[[ RECORDS FOR THE TASK open ]]

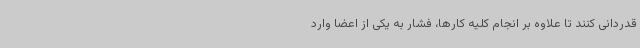
قدردانی کنند تا علاوه بر انجام کلیه کارها، فشار به یکی از اعضا وارد
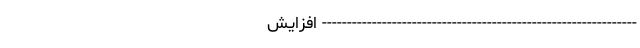
--------------------------------------------------------------- افزایش
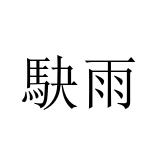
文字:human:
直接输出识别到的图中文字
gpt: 駃雨
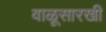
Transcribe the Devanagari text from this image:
वाळूसारखी
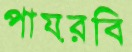
পায়রবি
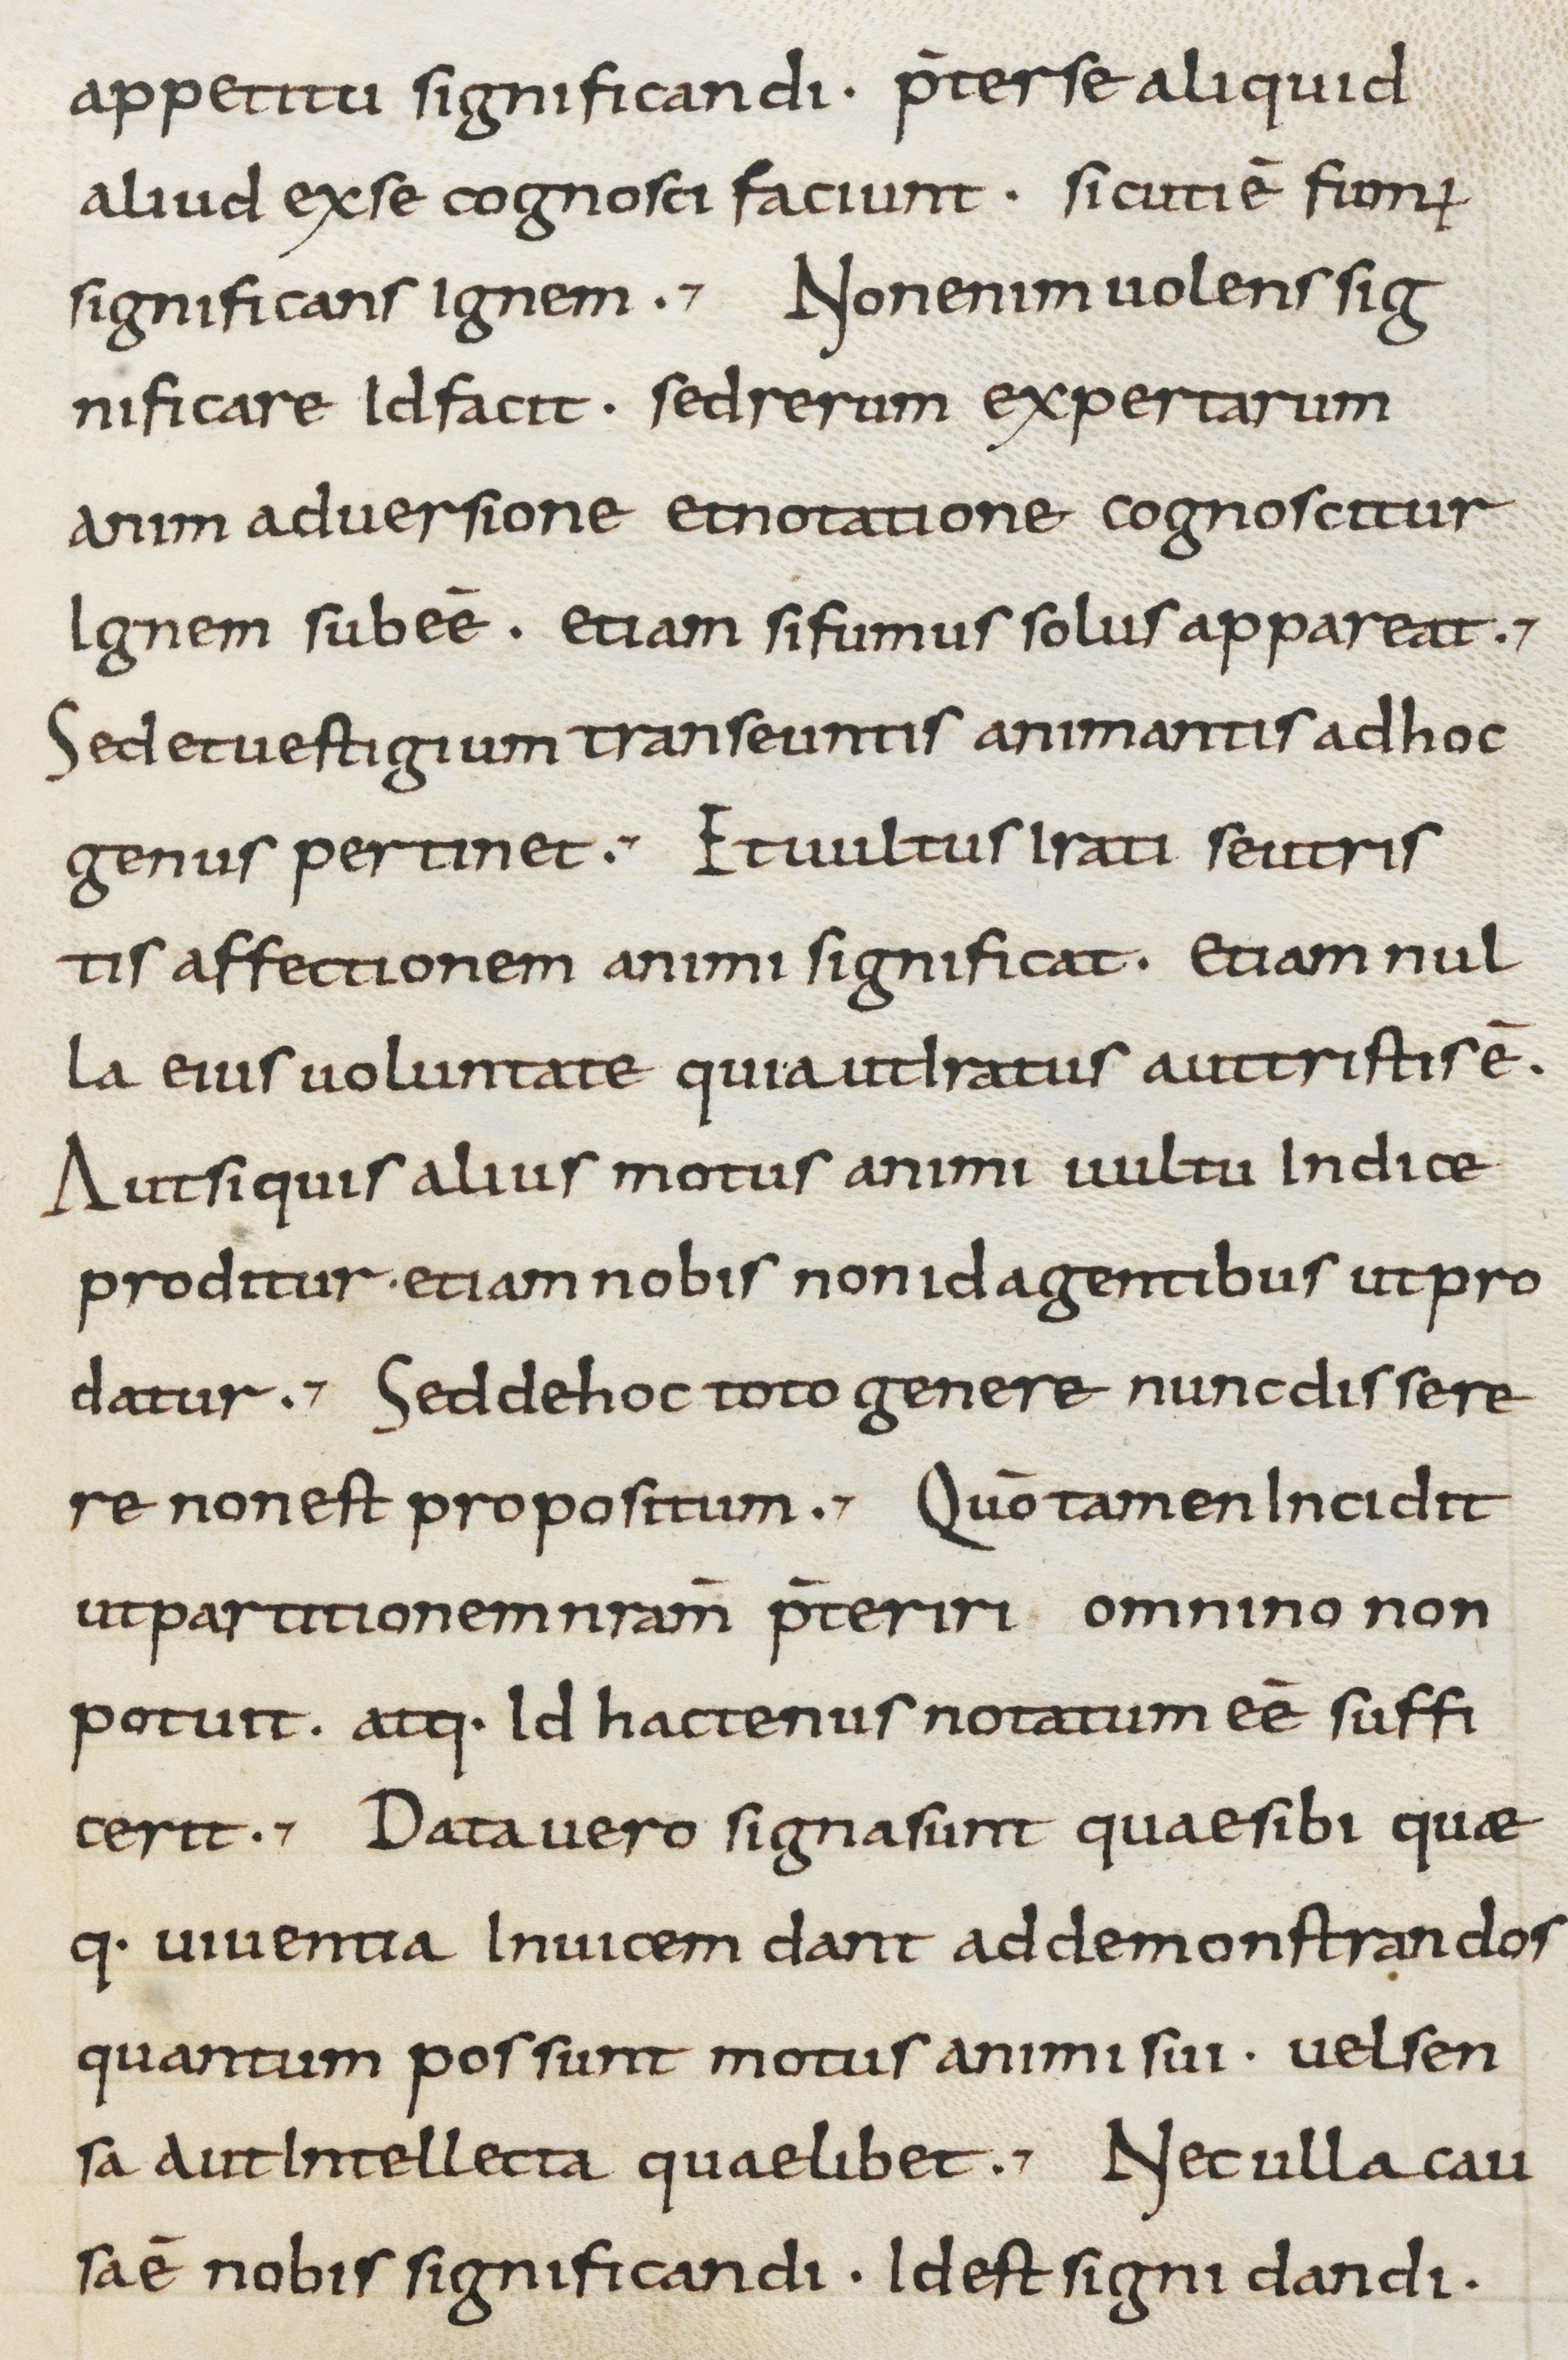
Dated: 800–899
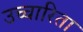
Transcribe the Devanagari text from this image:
उच्चारिता
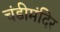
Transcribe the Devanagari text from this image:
चंडीमंदिर
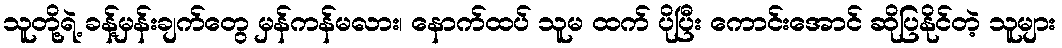
သူတို့ရဲ့ ခန့်မှန်းချက်တွေ မှန်ကန်မလား၊ နောက်ထပ် သူမ ထက် ပိုပြီး ကောင်းအောင် ဆိုပြနိုင်တဲ့ သူများ
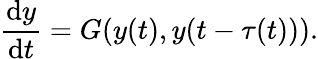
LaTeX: \frac{\mathrm{d}y}{\mathrm{d}t}=G(y(t),y(t-\tau(t))).
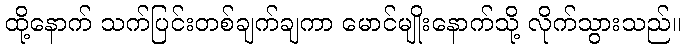
ထို့နောက် သက်ပြင်းတစ်ချက်ချကာ မောင်မျိုးနောက်သို့ လိုက်သွားသည်။
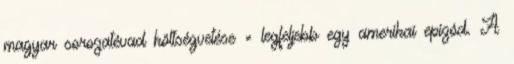
magyar sorozatévad költségvetése = legfeljebb egy amerikai epizód. A
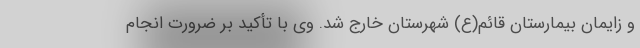
و زایمان بیمارستان قائم(ع) شهرستان خارج شد. وی با تأکید بر ضرورت انجام
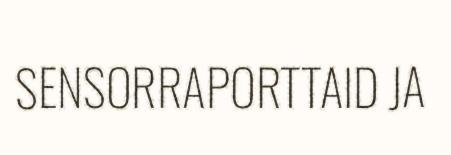
SENSORRAPORTTAID JA
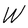
Character: W
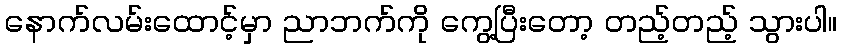
နောက်လမ်းထောင့်မှာ ညာဘက်ကို ကွေ့ပြီးတော့ တည့်တည့် သွားပါ။
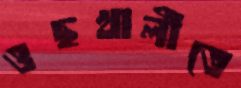
ওছখালীতে
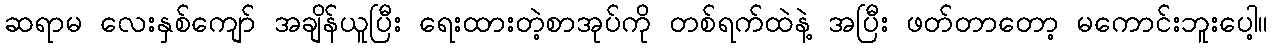
ဆရာမ လေးနှစ်ကျော် အချိန်ယူပြီး ရေးထားတဲ့စာအုပ်ကို တစ်ရက်ထဲနဲ့ အပြီး ဖတ်တာတော့ မကောင်းဘူးပေါ့။
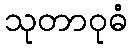
သုတာဝုဓံ
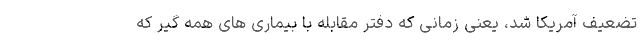
تضعیف آمریکا شد، یعنی زمانی که دفتر مقابله با بیماری های همه گیر که
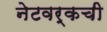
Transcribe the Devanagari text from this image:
नेटवर्कची
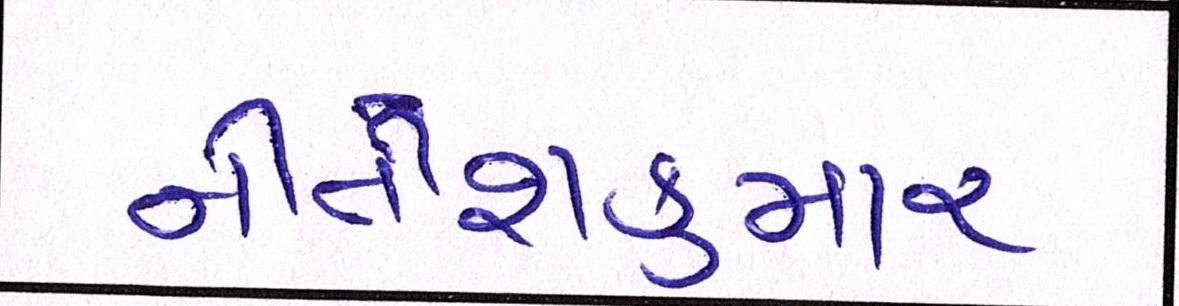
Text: નીતીશકુમાર
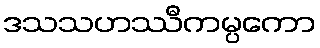
ဒသသဟဿီကမ္ပကော
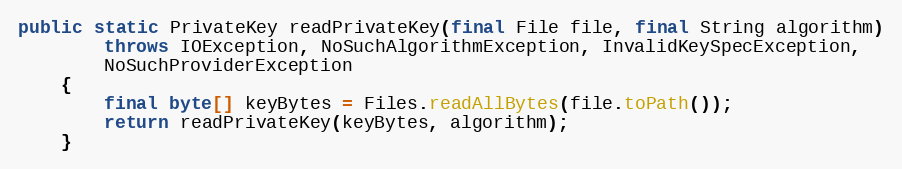
Language: Java
public static PrivateKey readPrivateKey(final File file, final String algorithm)
		throws IOException, NoSuchAlgorithmException, InvalidKeySpecException,
		NoSuchProviderException
	{
		final byte[] keyBytes = Files.readAllBytes(file.toPath());
		return readPrivateKey(keyBytes, algorithm);
	}
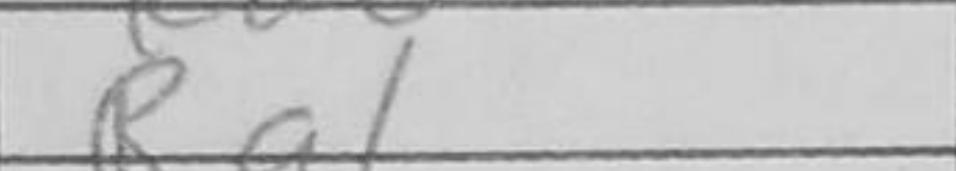
Transcription: Ra1
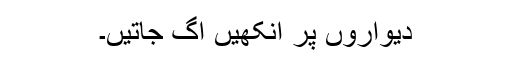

[[ RECORDS FOR THE TASK closed ]]

__WHAT YOU NEED TO DO__:
The answer should contain only the lines from the one with "Dated: 800–899" through the last line of the material, given word for word and without pictures.

__COMPLETED EXERCISE__:
Dated: 800–899
Transcribe the Devanagari text from this image:
उच्चारिता
Transcribe the Devanagari text from this image:
चंडीमंदिर
သူတို့ရဲ့ ခန့်မှန်းချက်တွေ မှန်ကန်မလား၊ နောက်ထပ် သူမ ထက် ပိုပြီး ကောင်းအောင် ဆိုပြနိုင်တဲ့ သူများ
LaTeX: \frac{\mathrm{d}y}{\mathrm{d}t}=G(y(t),y(t-\tau(t))).
ထို့နောက် သက်ပြင်းတစ်ချက်ချကာ မောင်မျိုးနောက်သို့ လိုက်သွားသည်။
magyar sorozatévad költségvetése = legfeljebb egy amerikai epizód. A
و زایمان بیمارستان قائم(ع) شهرستان خارج شد. وی با تأکید بر ضرورت انجام
SENSORRAPORTTAID JA
Character: W
နောက်လမ်းထောင့်မှာ ညာဘက်ကို ကွေ့ပြီးတော့ တည့်တည့် သွားပါ။
ওছখালীতে
ဆရာမ လေးနှစ်ကျော် အချိန်ယူပြီး ရေးထားတဲ့စာအုပ်ကို တစ်ရက်ထဲနဲ့ အပြီး ဖတ်တာတော့ မကောင်းဘူးပေါ့။
သုတာဝုဓံ
تضعیف آمریکا شد، یعنی زمانی که دفتر مقابله با بیماری های همه گیر که
Transcribe the Devanagari text from this image:
नेटवर्कची
Text: નીતીશકુમાર
ဒသသဟဿီကမ္ပကော
Language: Java
public static PrivateKey readPrivateKey(final File file, final String algorithm)
		throws IOException, NoSuchAlgorithmException, InvalidKeySpecException,
		NoSuchProviderException
	{
		final byte[] keyBytes = Files.readAllBytes(file.toPath());
		return readPrivateKey(keyBytes, algorithm);
	}
Transcription: Ra1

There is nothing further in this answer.